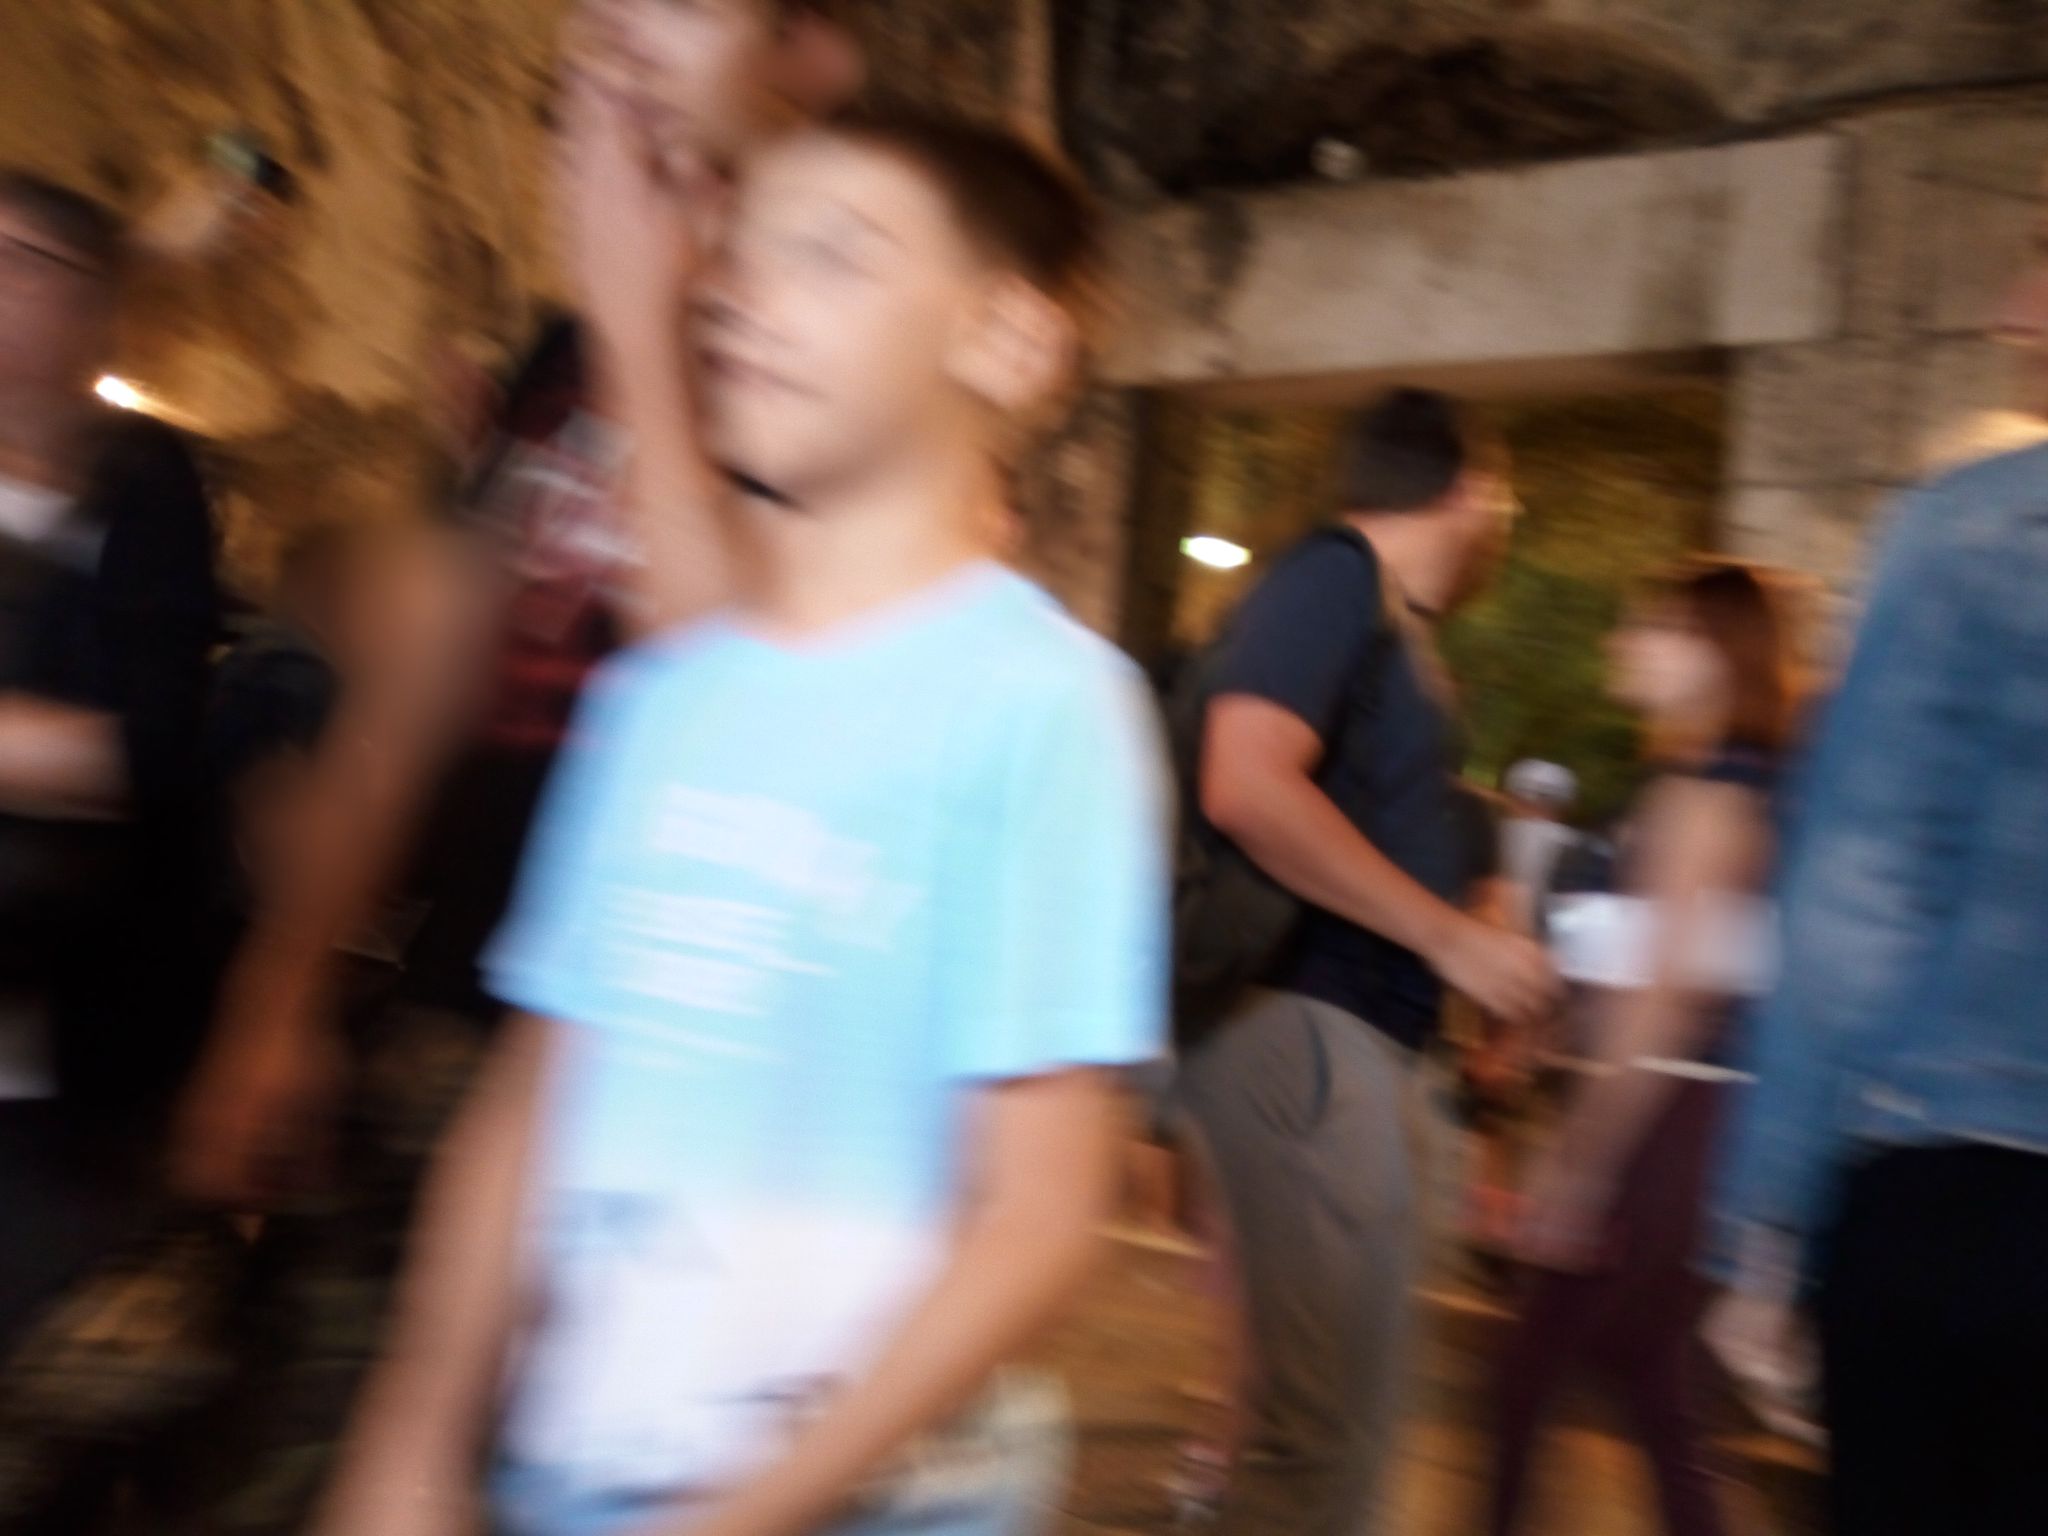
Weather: clear
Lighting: day
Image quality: slightly poor
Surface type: walking surface
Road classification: service
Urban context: urban centre
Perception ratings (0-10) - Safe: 0.38, Lively: 0.59, Beautiful: 2.05, Boring: 5.62, Depressing: 1.71, Wealthy: 3.51
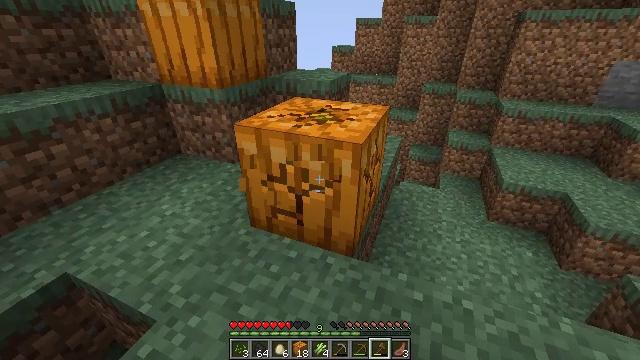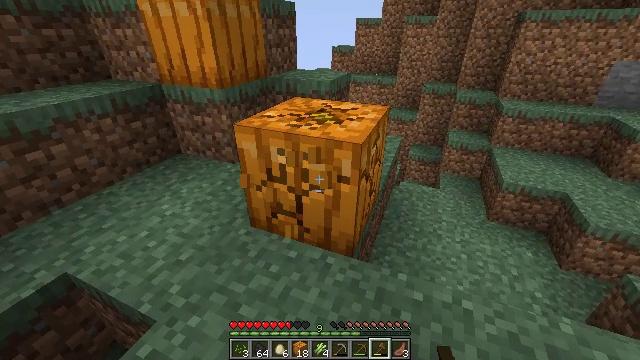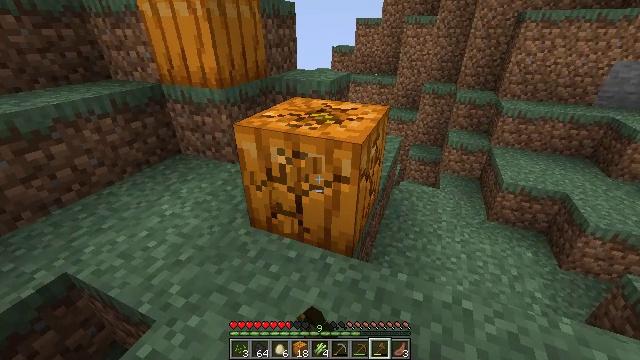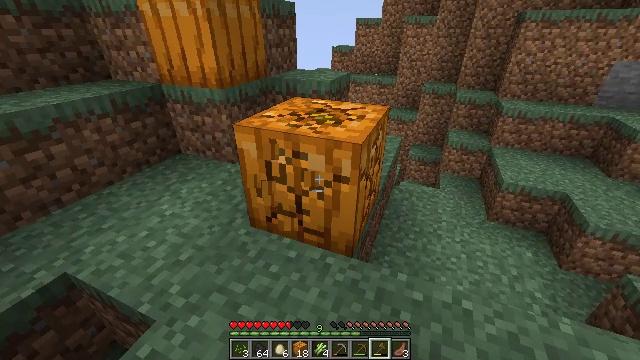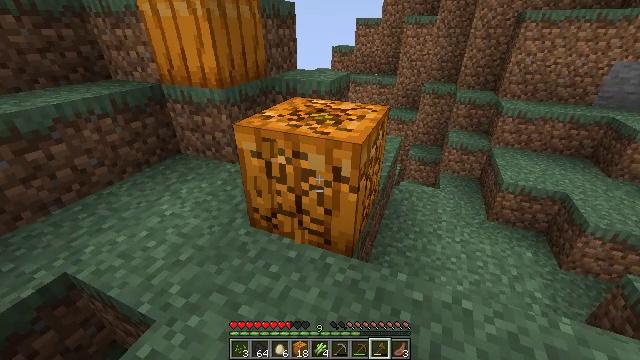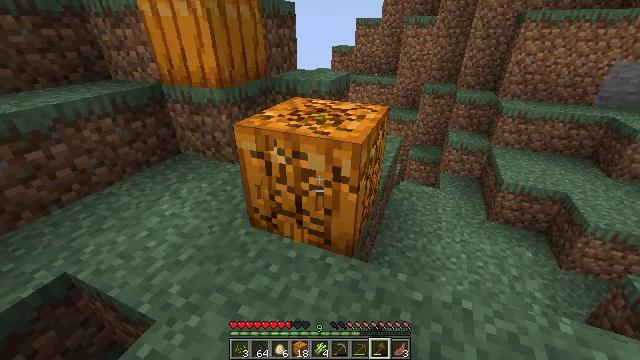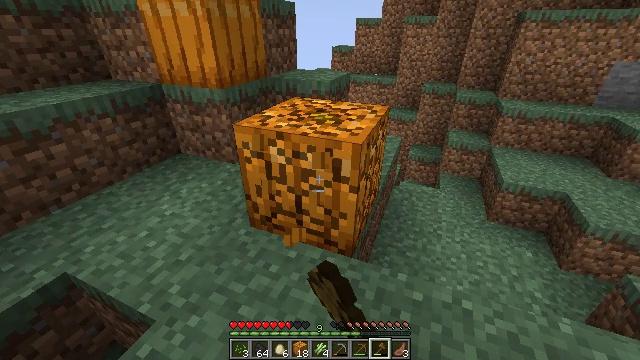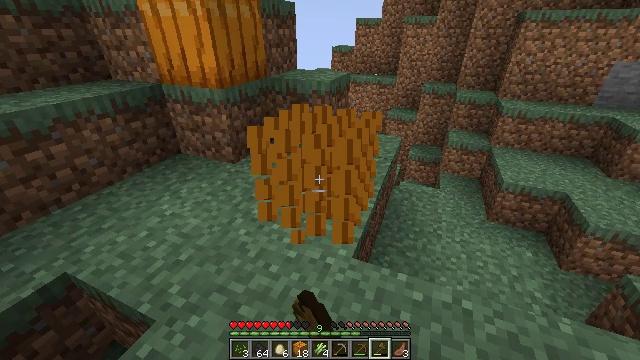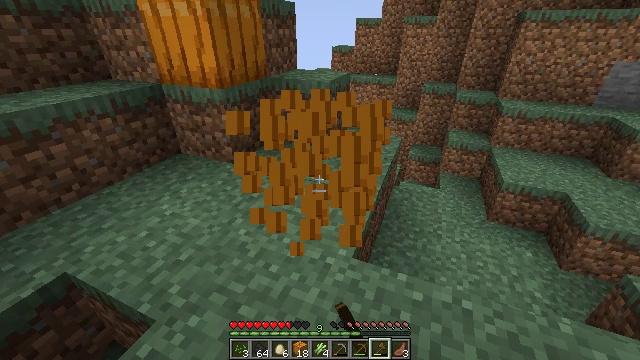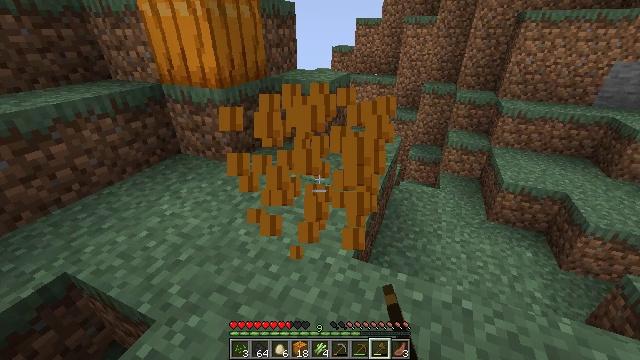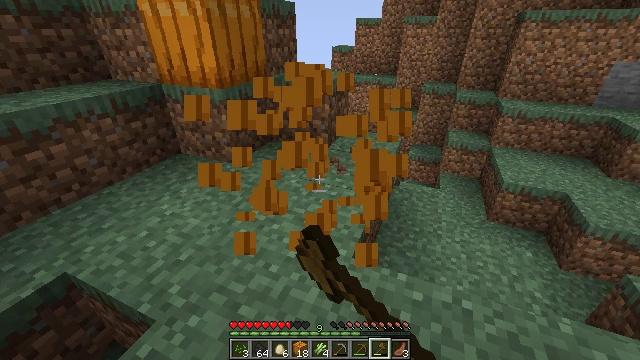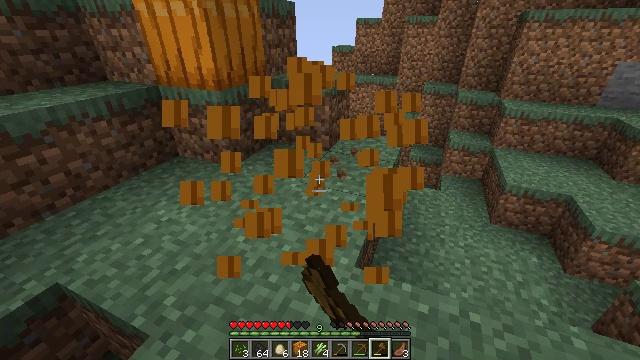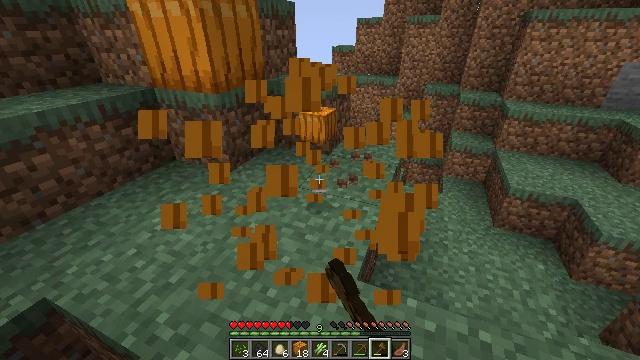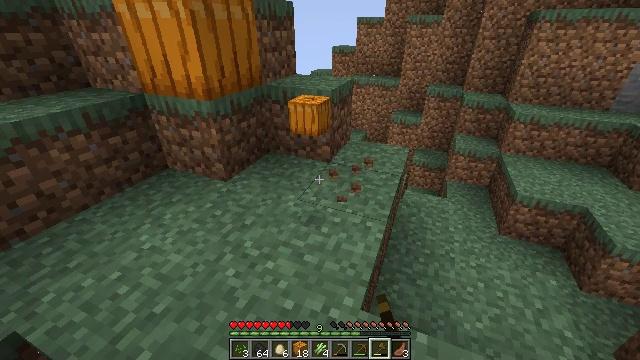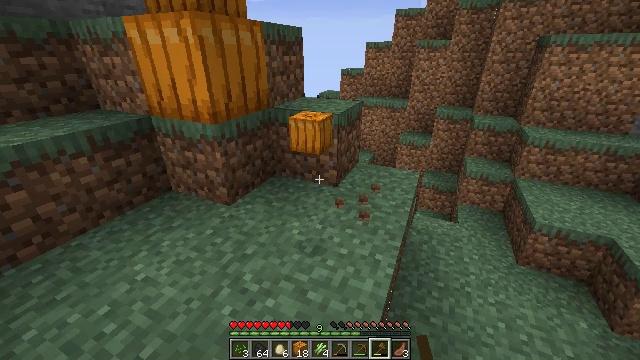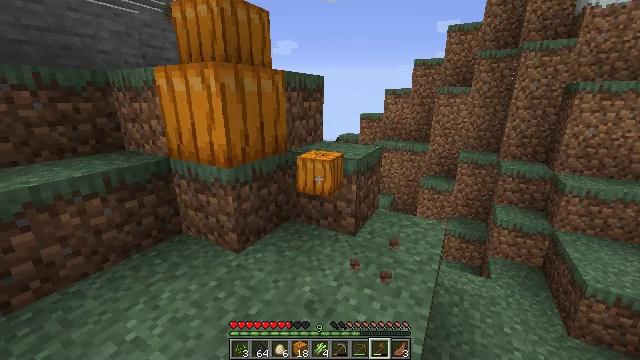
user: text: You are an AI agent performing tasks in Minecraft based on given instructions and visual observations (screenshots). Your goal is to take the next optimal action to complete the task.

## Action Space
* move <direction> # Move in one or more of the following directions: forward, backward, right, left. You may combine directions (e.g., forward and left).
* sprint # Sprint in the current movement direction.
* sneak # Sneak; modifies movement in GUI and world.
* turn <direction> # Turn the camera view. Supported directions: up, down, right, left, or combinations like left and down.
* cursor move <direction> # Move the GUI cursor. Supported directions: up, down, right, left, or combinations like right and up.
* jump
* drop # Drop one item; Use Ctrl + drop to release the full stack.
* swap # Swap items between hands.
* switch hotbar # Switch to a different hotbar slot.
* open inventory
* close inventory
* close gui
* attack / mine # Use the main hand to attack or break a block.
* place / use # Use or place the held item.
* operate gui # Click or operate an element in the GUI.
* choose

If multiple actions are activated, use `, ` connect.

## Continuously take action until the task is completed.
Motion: motion action
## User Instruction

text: Harvest a pumpkin from the field.
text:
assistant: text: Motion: attack / mine
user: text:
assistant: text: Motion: attack / mine
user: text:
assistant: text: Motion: attack / mine
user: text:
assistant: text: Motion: attack / mine
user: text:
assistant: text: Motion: attack / mine
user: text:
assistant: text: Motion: attack / mine
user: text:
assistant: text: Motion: attack / mine
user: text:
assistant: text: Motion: attack / mine
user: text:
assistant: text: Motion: attack / mine
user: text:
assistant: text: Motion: attack / mine
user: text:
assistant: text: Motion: move forward, attack / mine
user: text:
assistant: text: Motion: move forward, attack / mine
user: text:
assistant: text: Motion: move forward
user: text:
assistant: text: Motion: move forward, turn left and up
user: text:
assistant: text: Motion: move forward, turn left and up
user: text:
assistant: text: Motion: move forward, turn left and up
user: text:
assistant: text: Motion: move forward, turn left and up
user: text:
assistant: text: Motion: move forward, turn left and up
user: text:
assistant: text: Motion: attack / mine
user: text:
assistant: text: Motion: turn left, attack / mine
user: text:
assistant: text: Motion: turn left, attack / mine
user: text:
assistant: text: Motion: attack / mine
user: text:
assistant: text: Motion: attack / mine
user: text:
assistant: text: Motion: attack / mine
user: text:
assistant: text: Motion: attack / mine
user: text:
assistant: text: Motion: attack / mine
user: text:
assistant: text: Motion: attack / mine
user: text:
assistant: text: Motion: attack / mine
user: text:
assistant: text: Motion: attack / mine
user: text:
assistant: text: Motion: attack / mine
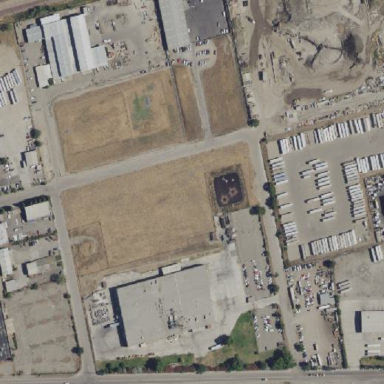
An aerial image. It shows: Industrial area.

_____

Work order: Write out word for word the lines above that run from the one with "Road classification: service" to the one with "If multiple actions". Include both end lines; exclude the images.

Expected output:
Road classification: service
Urban context: urban centre
Perception ratings (0-10) - Safe: 0.38, Lively: 0.59, Beautiful: 2.05, Boring: 5.62, Depressing: 1.71, Wealthy: 3.51
user: text: You are an AI agent performing tasks in Minecraft based on given instructions and visual observations (screenshots). Your goal is to take the next optimal action to complete the task.

## Action Space
* move <direction> # Move in one or more of the following directions: forward, backward, right, left. You may combine directions (e.g., forward and left).
* sprint # Sprint in the current movement direction.
* sneak # Sneak; modifies movement in GUI and world.
* turn <direction> # Turn the camera view. Supported directions: up, down, right, left, or combinations like left and down.
* cursor move <direction> # Move the GUI cursor. Supported directions: up, down, right, left, or combinations like right and up.
* jump
* drop # Drop one item; Use Ctrl + drop to release the full stack.
* swap # Swap items between hands.
* switch hotbar # Switch to a different hotbar slot.
* open inventory
* close inventory
* close gui
* attack / mine # Use the main hand to attack or break a block.
* place / use # Use or place the held item.
* operate gui # Click or operate an element in the GUI.
* choose

If multiple actions are activated, use `, ` connect.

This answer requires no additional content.